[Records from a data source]
:::
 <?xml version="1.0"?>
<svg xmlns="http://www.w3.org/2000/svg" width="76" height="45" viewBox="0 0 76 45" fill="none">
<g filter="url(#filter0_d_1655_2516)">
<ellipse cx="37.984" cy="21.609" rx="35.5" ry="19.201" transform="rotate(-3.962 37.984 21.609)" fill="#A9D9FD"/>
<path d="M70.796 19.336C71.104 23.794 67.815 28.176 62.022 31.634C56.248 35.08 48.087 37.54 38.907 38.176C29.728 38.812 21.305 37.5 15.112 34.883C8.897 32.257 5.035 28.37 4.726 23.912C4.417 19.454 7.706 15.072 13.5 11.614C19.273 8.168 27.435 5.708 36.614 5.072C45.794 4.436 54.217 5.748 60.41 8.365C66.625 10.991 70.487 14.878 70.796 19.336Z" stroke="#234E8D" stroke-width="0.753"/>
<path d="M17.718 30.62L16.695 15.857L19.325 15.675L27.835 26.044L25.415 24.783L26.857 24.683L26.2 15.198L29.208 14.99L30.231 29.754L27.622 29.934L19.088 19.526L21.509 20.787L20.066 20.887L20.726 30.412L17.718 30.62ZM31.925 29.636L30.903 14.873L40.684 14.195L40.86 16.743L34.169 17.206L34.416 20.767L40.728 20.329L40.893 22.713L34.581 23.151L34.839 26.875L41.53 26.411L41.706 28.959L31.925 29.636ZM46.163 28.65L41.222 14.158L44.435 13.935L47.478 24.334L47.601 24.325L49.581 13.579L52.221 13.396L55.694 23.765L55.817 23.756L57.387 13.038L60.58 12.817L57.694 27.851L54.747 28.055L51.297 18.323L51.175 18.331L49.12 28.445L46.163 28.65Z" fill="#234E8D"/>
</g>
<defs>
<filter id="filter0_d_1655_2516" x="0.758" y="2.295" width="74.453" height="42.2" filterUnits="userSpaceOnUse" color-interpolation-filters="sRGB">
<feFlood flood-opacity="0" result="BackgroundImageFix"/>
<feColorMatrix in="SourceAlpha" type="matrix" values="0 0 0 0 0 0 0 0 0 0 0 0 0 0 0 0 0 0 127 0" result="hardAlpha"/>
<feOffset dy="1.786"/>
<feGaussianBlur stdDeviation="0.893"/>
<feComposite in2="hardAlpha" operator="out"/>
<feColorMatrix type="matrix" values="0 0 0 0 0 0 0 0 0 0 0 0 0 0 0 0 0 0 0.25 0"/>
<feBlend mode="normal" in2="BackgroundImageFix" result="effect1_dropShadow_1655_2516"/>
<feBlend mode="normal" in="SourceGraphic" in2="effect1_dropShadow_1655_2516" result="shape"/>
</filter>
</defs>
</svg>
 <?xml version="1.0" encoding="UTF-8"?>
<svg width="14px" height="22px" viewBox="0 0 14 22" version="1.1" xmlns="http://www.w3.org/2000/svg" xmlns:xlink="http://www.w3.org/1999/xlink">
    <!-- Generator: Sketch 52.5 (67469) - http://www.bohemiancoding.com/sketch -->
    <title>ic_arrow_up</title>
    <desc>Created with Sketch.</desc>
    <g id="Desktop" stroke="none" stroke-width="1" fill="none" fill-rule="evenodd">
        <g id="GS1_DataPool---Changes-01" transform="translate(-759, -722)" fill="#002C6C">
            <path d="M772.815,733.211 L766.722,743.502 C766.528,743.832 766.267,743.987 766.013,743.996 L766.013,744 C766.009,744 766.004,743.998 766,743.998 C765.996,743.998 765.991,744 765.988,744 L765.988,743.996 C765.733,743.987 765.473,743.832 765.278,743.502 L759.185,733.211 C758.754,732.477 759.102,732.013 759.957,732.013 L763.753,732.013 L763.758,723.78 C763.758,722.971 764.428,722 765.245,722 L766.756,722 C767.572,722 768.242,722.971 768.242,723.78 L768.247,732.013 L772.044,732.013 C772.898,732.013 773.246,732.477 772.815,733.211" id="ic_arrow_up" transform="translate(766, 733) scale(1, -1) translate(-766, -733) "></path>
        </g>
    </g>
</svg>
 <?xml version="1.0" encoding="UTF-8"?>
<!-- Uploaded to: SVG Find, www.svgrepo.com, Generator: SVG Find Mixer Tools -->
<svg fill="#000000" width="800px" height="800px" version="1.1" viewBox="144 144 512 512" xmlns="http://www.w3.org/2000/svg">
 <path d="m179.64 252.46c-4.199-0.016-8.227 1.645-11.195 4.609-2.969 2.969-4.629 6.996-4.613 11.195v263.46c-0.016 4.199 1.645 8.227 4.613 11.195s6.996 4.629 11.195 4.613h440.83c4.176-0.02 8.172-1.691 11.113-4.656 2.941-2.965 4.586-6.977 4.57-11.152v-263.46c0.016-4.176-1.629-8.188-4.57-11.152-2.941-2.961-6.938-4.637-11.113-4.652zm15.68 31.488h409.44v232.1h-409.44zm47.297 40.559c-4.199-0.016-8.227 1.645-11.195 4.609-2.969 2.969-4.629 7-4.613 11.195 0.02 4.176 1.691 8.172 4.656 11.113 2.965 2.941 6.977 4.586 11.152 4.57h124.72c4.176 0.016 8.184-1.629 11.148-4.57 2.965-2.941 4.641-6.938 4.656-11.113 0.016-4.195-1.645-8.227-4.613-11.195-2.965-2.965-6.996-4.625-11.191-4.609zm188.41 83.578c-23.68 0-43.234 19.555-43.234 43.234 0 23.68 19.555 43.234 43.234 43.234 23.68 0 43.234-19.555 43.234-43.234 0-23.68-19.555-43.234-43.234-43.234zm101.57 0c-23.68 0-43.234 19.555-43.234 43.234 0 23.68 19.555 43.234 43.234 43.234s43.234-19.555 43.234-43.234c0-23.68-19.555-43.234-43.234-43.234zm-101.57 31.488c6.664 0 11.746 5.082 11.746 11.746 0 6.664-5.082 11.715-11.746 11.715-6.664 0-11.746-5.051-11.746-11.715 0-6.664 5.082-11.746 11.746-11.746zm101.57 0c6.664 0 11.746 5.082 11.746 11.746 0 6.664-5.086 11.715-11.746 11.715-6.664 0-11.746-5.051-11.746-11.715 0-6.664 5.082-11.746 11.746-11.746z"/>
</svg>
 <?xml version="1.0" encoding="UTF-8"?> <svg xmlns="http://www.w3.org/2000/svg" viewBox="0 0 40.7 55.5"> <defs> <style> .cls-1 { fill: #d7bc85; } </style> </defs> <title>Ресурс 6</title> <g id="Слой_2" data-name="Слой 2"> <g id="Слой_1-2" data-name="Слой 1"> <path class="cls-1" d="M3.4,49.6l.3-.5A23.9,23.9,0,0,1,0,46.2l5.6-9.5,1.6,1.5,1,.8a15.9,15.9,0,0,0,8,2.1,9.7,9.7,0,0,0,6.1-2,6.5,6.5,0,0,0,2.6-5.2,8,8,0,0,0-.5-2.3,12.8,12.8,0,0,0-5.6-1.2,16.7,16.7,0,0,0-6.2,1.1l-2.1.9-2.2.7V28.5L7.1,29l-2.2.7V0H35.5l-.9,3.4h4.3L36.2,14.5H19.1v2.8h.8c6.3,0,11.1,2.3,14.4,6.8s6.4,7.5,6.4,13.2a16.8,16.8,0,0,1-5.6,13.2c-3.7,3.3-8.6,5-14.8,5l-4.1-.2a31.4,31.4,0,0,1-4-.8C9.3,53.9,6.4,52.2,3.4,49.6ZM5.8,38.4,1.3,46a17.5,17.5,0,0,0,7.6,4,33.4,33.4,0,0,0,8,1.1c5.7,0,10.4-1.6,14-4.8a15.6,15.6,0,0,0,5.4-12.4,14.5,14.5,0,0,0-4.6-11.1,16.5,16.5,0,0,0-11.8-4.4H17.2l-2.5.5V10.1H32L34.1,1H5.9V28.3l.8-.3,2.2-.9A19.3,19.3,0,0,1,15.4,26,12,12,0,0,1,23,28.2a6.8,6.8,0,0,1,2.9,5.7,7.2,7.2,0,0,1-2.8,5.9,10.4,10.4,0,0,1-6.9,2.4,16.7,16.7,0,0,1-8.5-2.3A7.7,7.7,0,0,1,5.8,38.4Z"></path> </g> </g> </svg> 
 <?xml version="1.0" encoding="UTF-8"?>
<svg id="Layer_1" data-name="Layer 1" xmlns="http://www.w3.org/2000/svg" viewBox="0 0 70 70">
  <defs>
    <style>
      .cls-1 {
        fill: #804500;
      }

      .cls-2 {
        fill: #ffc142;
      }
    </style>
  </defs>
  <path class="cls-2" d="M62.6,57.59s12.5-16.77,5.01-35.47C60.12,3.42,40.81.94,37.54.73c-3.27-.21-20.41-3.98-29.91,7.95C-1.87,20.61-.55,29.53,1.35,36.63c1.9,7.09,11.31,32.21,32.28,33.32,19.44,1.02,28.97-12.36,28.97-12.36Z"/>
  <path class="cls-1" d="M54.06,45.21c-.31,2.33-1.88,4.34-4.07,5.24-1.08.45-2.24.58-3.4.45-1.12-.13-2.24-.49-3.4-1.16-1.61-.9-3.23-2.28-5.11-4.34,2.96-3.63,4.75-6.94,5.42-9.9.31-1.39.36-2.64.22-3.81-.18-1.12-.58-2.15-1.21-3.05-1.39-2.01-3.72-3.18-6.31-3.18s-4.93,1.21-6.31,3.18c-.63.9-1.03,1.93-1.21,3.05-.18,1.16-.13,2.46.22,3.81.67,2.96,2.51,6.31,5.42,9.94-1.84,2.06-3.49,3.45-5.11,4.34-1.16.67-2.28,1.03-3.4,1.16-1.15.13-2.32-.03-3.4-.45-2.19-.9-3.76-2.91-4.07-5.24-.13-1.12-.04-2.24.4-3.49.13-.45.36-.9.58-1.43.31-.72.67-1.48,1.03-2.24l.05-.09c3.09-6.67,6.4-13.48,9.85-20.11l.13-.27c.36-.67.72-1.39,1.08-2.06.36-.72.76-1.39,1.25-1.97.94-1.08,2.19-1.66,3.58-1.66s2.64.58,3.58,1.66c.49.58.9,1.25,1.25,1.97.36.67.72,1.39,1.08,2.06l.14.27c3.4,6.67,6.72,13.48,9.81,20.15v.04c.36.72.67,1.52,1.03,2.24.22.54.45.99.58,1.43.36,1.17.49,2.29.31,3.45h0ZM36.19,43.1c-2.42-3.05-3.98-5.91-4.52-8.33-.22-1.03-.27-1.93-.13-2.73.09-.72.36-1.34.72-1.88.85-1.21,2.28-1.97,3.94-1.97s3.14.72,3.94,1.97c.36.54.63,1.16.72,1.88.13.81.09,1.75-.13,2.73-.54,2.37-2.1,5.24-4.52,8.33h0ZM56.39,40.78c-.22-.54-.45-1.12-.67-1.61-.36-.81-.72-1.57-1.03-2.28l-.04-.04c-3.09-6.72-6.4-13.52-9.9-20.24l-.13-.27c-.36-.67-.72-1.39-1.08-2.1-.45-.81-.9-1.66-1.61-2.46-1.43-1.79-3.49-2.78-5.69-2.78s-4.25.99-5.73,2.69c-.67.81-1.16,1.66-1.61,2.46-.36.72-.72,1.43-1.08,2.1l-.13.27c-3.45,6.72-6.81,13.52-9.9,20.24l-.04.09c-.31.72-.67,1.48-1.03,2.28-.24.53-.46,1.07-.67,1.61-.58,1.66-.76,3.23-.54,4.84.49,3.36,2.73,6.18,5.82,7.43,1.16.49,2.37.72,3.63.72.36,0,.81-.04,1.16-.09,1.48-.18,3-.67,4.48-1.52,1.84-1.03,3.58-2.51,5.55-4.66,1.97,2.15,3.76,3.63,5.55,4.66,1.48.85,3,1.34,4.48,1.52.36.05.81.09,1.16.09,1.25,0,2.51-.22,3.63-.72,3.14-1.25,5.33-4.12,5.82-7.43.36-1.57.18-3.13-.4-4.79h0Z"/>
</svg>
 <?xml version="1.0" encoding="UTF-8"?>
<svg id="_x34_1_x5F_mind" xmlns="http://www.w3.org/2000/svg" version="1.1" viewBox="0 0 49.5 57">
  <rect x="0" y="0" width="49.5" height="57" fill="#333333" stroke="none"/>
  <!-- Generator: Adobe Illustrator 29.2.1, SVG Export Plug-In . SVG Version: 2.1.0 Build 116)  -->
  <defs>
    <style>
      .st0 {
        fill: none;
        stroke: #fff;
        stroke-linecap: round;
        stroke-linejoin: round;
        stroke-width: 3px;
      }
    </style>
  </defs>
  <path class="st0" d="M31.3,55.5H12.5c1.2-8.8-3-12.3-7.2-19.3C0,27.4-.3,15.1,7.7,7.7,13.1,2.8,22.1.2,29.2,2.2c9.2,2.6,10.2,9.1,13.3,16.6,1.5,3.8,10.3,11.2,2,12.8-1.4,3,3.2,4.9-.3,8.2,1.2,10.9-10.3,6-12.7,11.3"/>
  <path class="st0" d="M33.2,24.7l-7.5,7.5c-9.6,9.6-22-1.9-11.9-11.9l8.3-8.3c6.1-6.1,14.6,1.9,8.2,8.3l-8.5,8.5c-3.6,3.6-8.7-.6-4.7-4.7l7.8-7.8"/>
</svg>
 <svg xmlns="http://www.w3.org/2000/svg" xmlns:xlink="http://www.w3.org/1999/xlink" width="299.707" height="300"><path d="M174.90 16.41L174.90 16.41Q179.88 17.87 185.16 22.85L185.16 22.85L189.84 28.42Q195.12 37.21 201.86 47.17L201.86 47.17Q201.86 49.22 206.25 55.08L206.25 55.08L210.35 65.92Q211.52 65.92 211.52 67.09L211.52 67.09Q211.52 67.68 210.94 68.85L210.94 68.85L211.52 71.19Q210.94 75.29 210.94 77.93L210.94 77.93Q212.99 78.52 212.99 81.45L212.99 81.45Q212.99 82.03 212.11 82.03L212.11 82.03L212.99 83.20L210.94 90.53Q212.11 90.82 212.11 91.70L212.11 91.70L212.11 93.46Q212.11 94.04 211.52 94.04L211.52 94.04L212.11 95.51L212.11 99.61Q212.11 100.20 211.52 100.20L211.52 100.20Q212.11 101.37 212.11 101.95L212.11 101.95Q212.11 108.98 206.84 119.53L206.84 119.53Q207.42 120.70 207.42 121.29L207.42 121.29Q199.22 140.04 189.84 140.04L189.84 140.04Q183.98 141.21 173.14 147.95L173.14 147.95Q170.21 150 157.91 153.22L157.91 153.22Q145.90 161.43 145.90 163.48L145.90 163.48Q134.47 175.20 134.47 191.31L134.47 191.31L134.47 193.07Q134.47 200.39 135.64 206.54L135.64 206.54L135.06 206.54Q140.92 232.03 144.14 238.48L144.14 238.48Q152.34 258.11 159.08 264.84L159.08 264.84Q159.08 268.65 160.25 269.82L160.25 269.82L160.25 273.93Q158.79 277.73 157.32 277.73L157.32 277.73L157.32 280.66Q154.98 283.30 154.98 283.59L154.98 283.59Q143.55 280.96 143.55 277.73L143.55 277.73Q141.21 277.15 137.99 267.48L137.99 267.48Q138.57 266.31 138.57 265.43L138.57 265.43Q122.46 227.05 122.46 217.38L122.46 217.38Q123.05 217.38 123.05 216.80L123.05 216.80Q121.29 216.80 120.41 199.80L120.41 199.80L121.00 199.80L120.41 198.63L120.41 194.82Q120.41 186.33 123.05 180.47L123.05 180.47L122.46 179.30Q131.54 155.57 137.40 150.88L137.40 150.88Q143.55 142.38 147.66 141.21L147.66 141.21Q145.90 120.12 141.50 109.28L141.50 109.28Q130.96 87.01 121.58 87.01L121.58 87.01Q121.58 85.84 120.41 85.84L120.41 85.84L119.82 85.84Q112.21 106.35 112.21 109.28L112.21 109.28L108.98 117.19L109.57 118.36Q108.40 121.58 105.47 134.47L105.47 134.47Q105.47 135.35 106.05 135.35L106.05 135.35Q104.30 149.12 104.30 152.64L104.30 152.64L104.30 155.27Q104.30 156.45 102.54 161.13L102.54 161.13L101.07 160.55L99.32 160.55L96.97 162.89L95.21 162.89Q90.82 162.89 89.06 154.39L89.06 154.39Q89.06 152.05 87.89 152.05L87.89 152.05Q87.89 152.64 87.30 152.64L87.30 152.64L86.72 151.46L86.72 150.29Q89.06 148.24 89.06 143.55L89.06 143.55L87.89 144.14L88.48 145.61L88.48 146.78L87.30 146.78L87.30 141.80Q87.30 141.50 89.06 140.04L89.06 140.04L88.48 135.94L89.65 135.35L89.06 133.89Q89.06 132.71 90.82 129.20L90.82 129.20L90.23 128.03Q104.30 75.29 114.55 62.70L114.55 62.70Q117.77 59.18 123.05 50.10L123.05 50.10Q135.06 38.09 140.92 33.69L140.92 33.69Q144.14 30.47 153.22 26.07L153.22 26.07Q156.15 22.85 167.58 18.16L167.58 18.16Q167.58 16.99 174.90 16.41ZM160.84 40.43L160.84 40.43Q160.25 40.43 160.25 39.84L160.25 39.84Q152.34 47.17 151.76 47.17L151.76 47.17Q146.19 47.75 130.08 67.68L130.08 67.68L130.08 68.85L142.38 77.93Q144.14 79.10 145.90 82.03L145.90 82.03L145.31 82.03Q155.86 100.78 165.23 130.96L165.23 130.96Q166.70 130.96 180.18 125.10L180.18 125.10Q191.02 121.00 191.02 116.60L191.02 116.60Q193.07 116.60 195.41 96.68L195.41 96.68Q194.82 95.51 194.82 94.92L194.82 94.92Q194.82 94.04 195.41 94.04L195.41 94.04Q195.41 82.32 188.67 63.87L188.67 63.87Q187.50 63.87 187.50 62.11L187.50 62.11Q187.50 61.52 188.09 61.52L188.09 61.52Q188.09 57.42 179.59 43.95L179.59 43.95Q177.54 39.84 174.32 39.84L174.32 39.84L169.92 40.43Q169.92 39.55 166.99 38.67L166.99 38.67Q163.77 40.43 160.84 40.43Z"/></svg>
:::
Pull every line containing "feColorMatrix" from the entries above and copy it.

Response below:
<feColorMatrix in="SourceAlpha" type="matrix" values="0 0 0 0 0 0 0 0 0 0 0 0 0 0 0 0 0 0 127 0" result="hardAlpha"/>
<feColorMatrix type="matrix" values="0 0 0 0 0 0 0 0 0 0 0 0 0 0 0 0 0 0 0.25 0"/>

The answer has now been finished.